For this exercise, copy each line of the records that contains the word "path".

----------

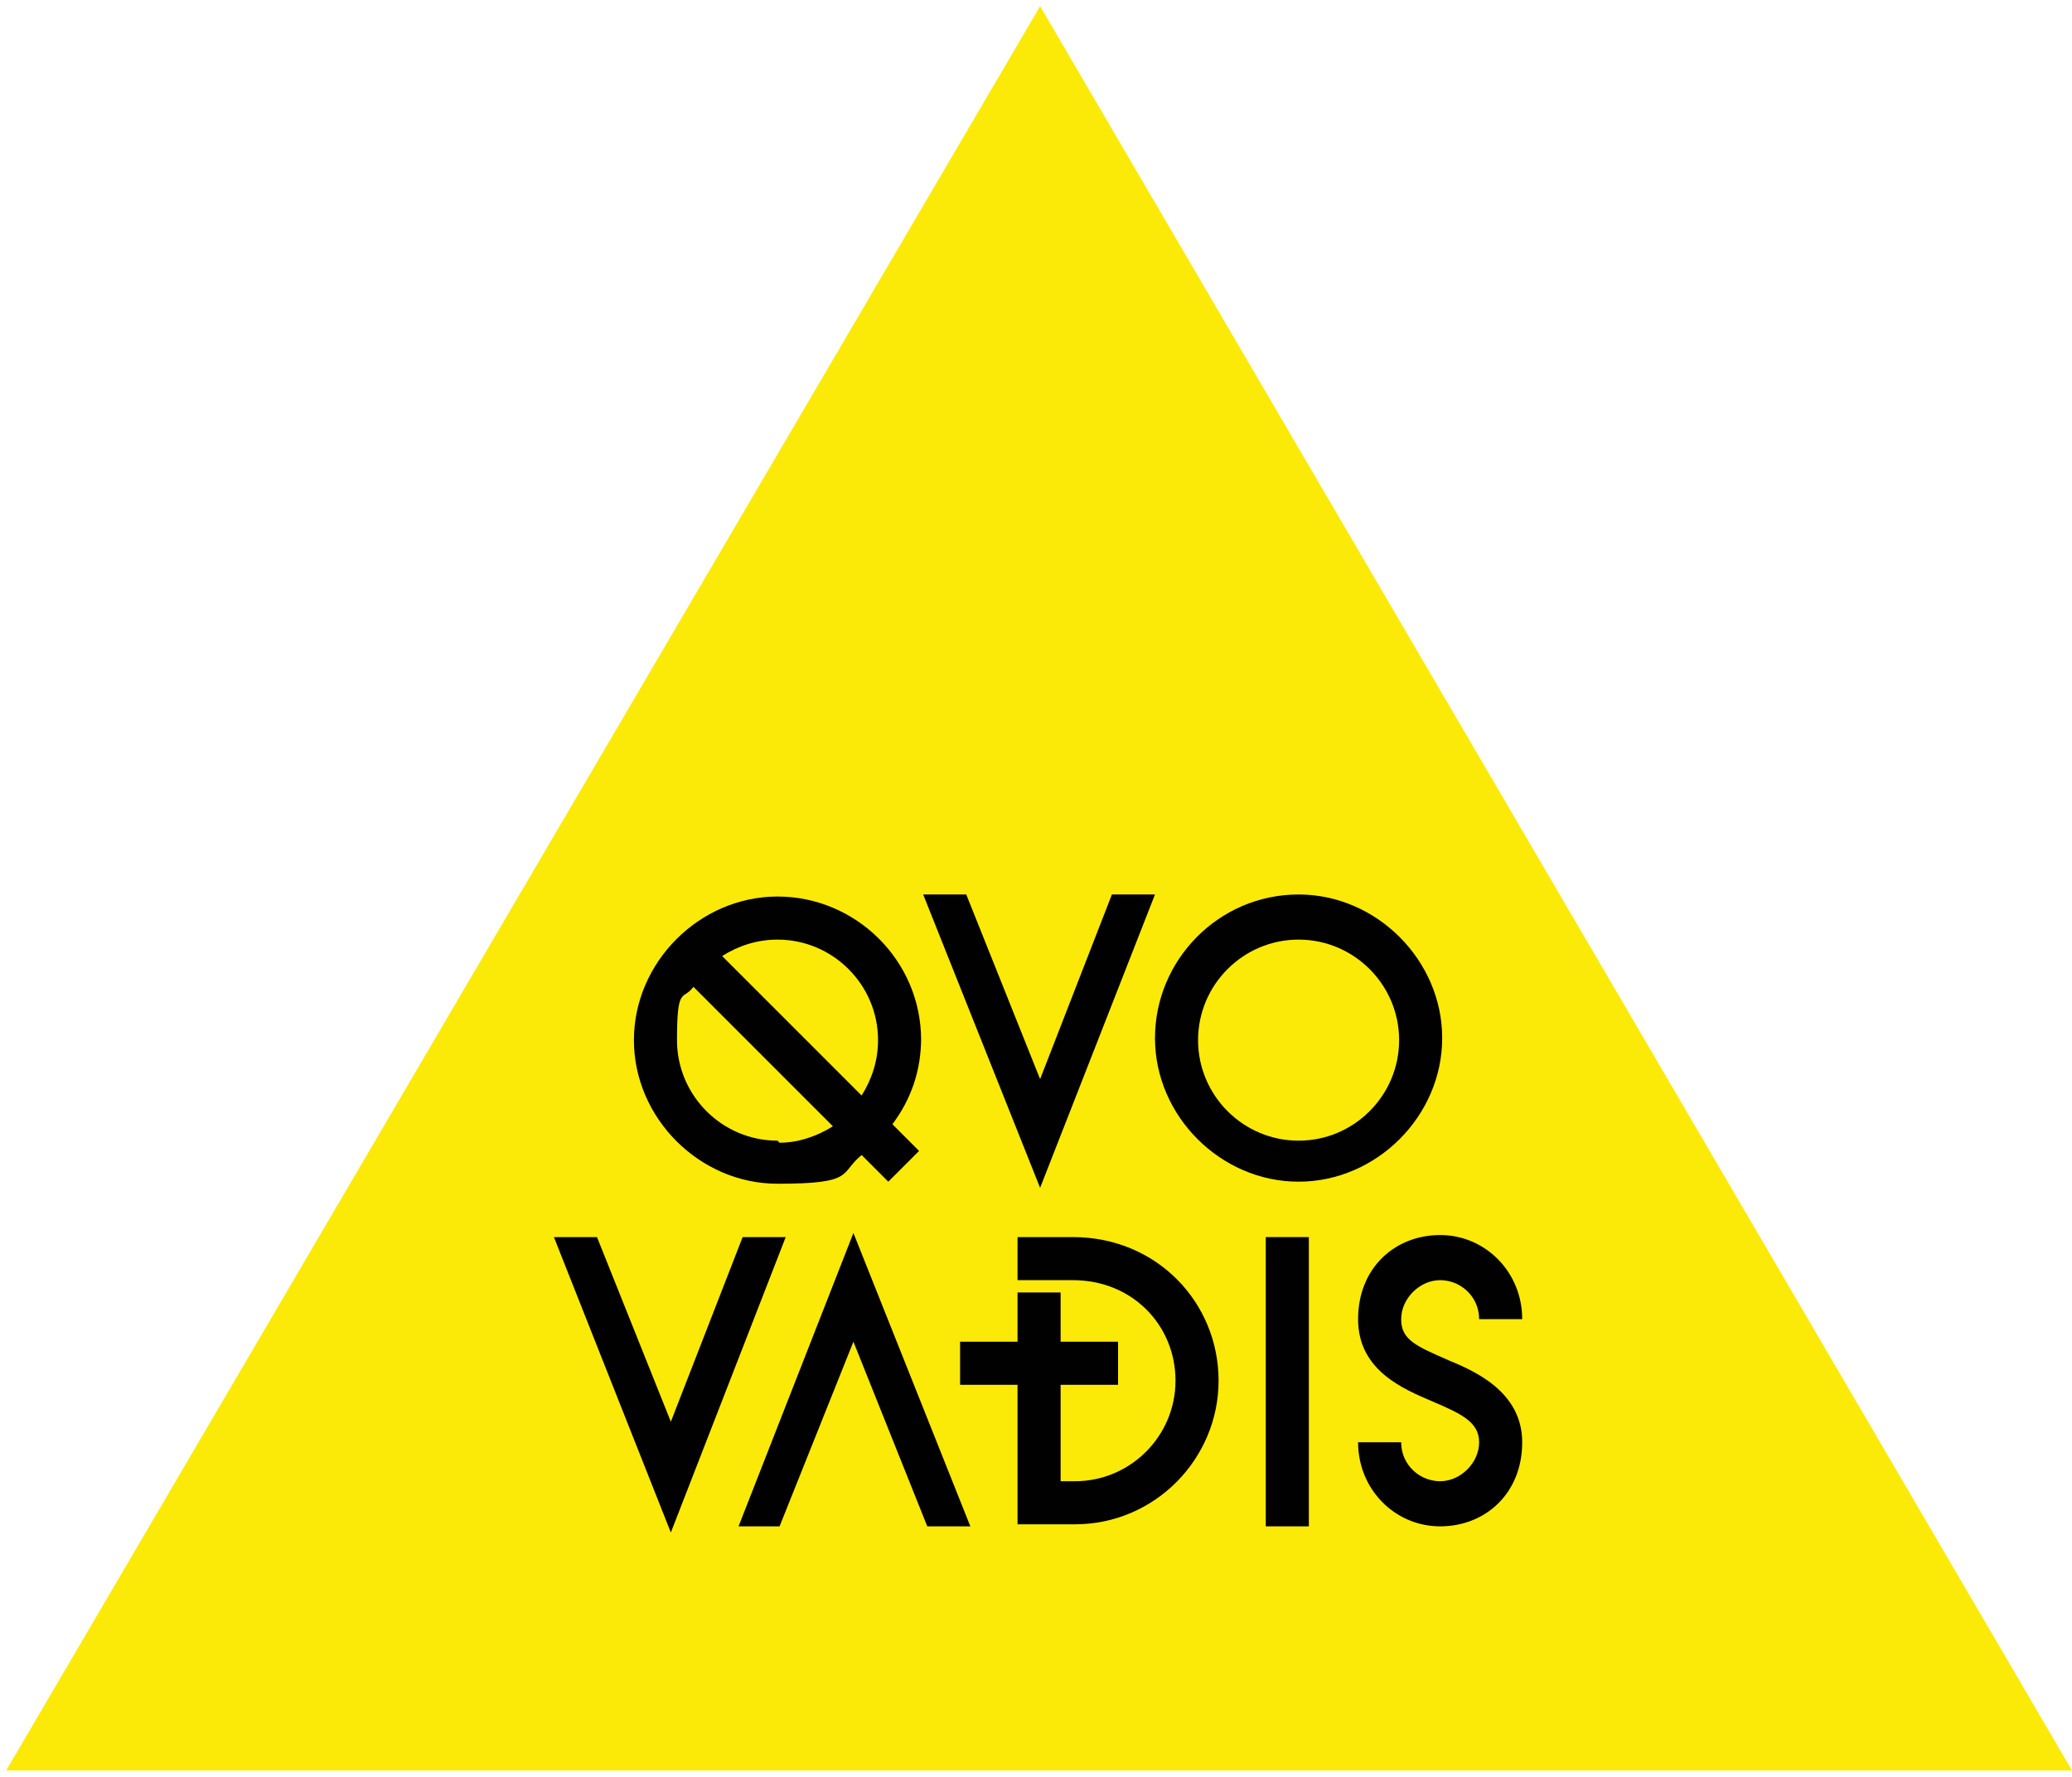 <?xml version="1.0" encoding="UTF-8"?>
<svg id="Layer_1" xmlns="http://www.w3.org/2000/svg" version="1.1" viewBox="0 0 101 86.6">
  <!-- Generator: Adobe Illustrator 29.3.1, SVG Export Plug-In . SVG Version: 2.1.0 Build 151)  -->
  <defs>
    <style>
      .st0 {
        fill: #fbea07;
      }

      .st1 {
        fill: #010101;
      }
    </style>
  </defs>
  <polygon class="st0" points="50.7 .3 .3 86.3 101 86.3 50.7 .3"/>
  <path class="st1" d="M63.3,55.6c-2.7,0-4.9-2.2-4.9-4.9s2.2-4.9,4.9-4.9,4.9,2.2,4.9,4.9-2.2,4.9-4.9,4.9M63.3,43.6c-3.9,0-7,3.2-7,7s3.2,7,7,7,7-3.2,7-7-3.2-7-7-7"/>
  <path class="st1" d="M37.9,55.6c-2.7,0-4.9-2.2-4.9-4.9s.3-1.9.8-2.6l6.8,6.8c-.8.5-1.7.8-2.6.8M42.8,50.7c0,1-.3,1.9-.8,2.7l-6.8-6.8c.8-.5,1.7-.8,2.7-.8,2.7,0,4.9,2.2,4.9,4.9M44.9,50.7c0-3.9-3.2-7-7-7s-7,3.2-7,7,3.2,7,7,7,3-.5,4.1-1.4l1.3,1.3,1.5-1.5-1.3-1.3c.9-1.2,1.4-2.6,1.4-4.2"/>
  <polygon class="st1" points="41.6 60.1 36 74.4 38 74.4 41.6 65.4 45.2 74.4 47.3 74.4 41.6 60.1"/>
  <polygon class="st1" points="32.7 74.7 38.3 60.3 36.2 60.3 32.7 69.3 29.1 60.3 27 60.3 32.7 74.7"/>
  <polygon class="st1" points="50.7 57.9 56.3 43.6 54.2 43.6 50.7 52.6 47.1 43.6 45 43.6 50.7 57.9"/>
  <rect class="st1" x="61.7" y="60.3" width="2.1" height="14.1"/>
  <path class="st1" d="M52.3,60.3h-2.7s0,2.1,0,2.1h2.7c2.9,0,5,2.2,5,4.9s-2.2,4.9-4.9,4.9h-.7v-4.7h2.8v-2.1h-2.8v-2.4h-2.1s0,2.4,0,2.4h-2.8v2.1h2.8v6.8h2.8c3.9,0,7-3.2,7-7s-3-7-7.1-7"/>
  <path class="st1" d="M70.2,74.4c-2.2,0-4-1.8-4-4.1h2.1c0,1.1.9,1.9,1.9,1.9s1.9-.9,1.9-1.9-.9-1.4-2.3-2c-1.4-.6-3.6-1.5-3.6-4s1.8-4.1,4-4.1,4,1.8,4,4.1h-2.1c0-1.1-.9-1.9-1.9-1.9s-1.9.9-1.9,1.9.7,1.3,2.3,2c1.2.5,3.6,1.5,3.6,4s-1.8,4.1-4,4.1"/>
</svg>

----------

# EXERCISE OUTPUT
  <path class="st1" d="M63.3,55.6c-2.7,0-4.9-2.2-4.9-4.9s2.2-4.9,4.9-4.9,4.9,2.2,4.9,4.9-2.2,4.9-4.9,4.9M63.3,43.6c-3.9,0-7,3.2-7,7s3.2,7,7,7,7-3.2,7-7-3.2-7-7-7"/>
  <path class="st1" d="M37.9,55.6c-2.7,0-4.9-2.2-4.9-4.9s.3-1.9.8-2.6l6.8,6.8c-.8.5-1.7.8-2.6.8M42.8,50.7c0,1-.3,1.9-.8,2.7l-6.8-6.8c.8-.5,1.7-.8,2.7-.8,2.7,0,4.9,2.2,4.9,4.9M44.9,50.7c0-3.9-3.2-7-7-7s-7,3.2-7,7,3.2,7,7,7,3-.5,4.1-1.4l1.3,1.3,1.5-1.5-1.3-1.3c.9-1.2,1.4-2.6,1.4-4.2"/>
  <path class="st1" d="M52.3,60.3h-2.7s0,2.1,0,2.1h2.7c2.9,0,5,2.2,5,4.9s-2.2,4.9-4.9,4.9h-.7v-4.7h2.8v-2.1h-2.8v-2.4h-2.1s0,2.4,0,2.4h-2.8v2.1h2.8v6.8h2.8c3.9,0,7-3.2,7-7s-3-7-7.1-7"/>
  <path class="st1" d="M70.2,74.4c-2.2,0-4-1.8-4-4.1h2.1c0,1.1.9,1.9,1.9,1.9s1.9-.9,1.9-1.9-.9-1.4-2.3-2c-1.4-.6-3.6-1.5-3.6-4s1.8-4.1,4-4.1,4,1.8,4,4.1h-2.1c0-1.1-.9-1.9-1.9-1.9s-1.9.9-1.9,1.9.7,1.3,2.3,2c1.2.5,3.6,1.5,3.6,4s-1.8,4.1-4,4.1"/>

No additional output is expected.